> Required action
Only the pictures are to be left out; please reproduce everything else in the data exactly.

☆ ☆ ☆ ☆

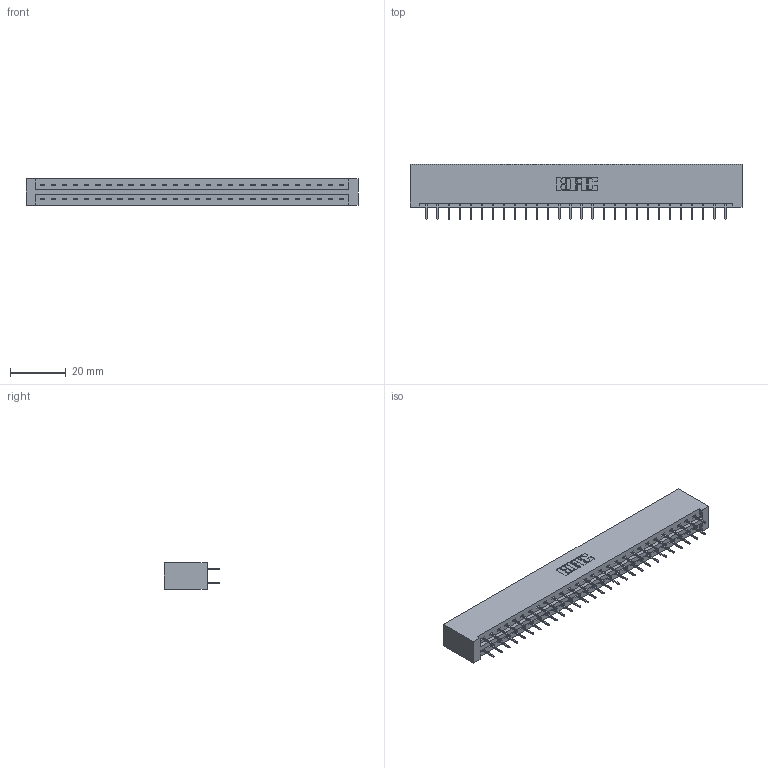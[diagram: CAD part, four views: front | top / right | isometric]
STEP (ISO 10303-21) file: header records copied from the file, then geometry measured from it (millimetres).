
FILE_DESCRIPTION (( 'STEP AP203' ), '1' );
FILE_NAME ('337-056-524-201.STEP', '2018-08-10T02:40:16', ( '' ), ( '' ), 'SwSTEP 2.0', 'SolidWorks 2016', '' );
FILE_SCHEMA (( 'CONFIG_CONTROL_DESIGN' ));
Length unit declared in the file: inch
Products named in the file (3): 345-292-001_345-293-124; 337-056-524-201; 337 Part_No Mounting Lugs
Assembly tree (57 placements, depth 2):
  337-056-524-201
    337 Part_No Mounting Lugs
    345-292-001_345-293-124  x56
Bounding box: 118.82 x 19.69 x 9.4 mm (x, y, z)
Volume: 13012 mm3; surface area: 14367.7 mm2
Topology: 57 solids, 57 shells, 3354 faces, 9527 edges, 6126 vertices
Faces by surface type: plane 2530, cylinder 824
Entity records: 23317 total; most frequent: CARTESIAN_POINT 3938, ORIENTED_EDGE 3874, DIRECTION 3369, EDGE_CURVE 1937, LINE 1821, VECTOR 1821, VERTEX_POINT 1286, AXIS2_PLACEMENT_3D 774

☆ ☆ ☆ ☆

> Your solution
[diagram: CAD part, four views: front | top / right | isometric]
STEP (ISO 10303-21) file: header records copied from the file, then geometry measured from it (millimetres).
FILE_DESCRIPTION (( 'STEP AP203' ), '1' );
FILE_NAME ('337-056-524-201.STEP', '2018-08-10T02:40:16', ( '' ), ( '' ), 'SwSTEP 2.0', 'SolidWorks 2016', '' );
FILE_SCHEMA (( 'CONFIG_CONTROL_DESIGN' ));
Length unit declared in the file: inch
Products named in the file (3): 345-292-001_345-293-124; 337-056-524-201; 337 Part_No Mounting Lugs
Assembly tree (57 placements, depth 2):
  337-056-524-201
    337 Part_No Mounting Lugs
    345-292-001_345-293-124  x56
Bounding box: 118.82 x 19.69 x 9.4 mm (x, y, z)
Volume: 13012 mm3; surface area: 14367.7 mm2
Topology: 57 solids, 57 shells, 3354 faces, 9527 edges, 6126 vertices
Faces by surface type: plane 2530, cylinder 824
Entity records: 23317 total; most frequent: CARTESIAN_POINT 3938, ORIENTED_EDGE 3874, DIRECTION 3369, EDGE_CURVE 1937, LINE 1821, VECTOR 1821, VERTEX_POINT 1286, AXIS2_PLACEMENT_3D 774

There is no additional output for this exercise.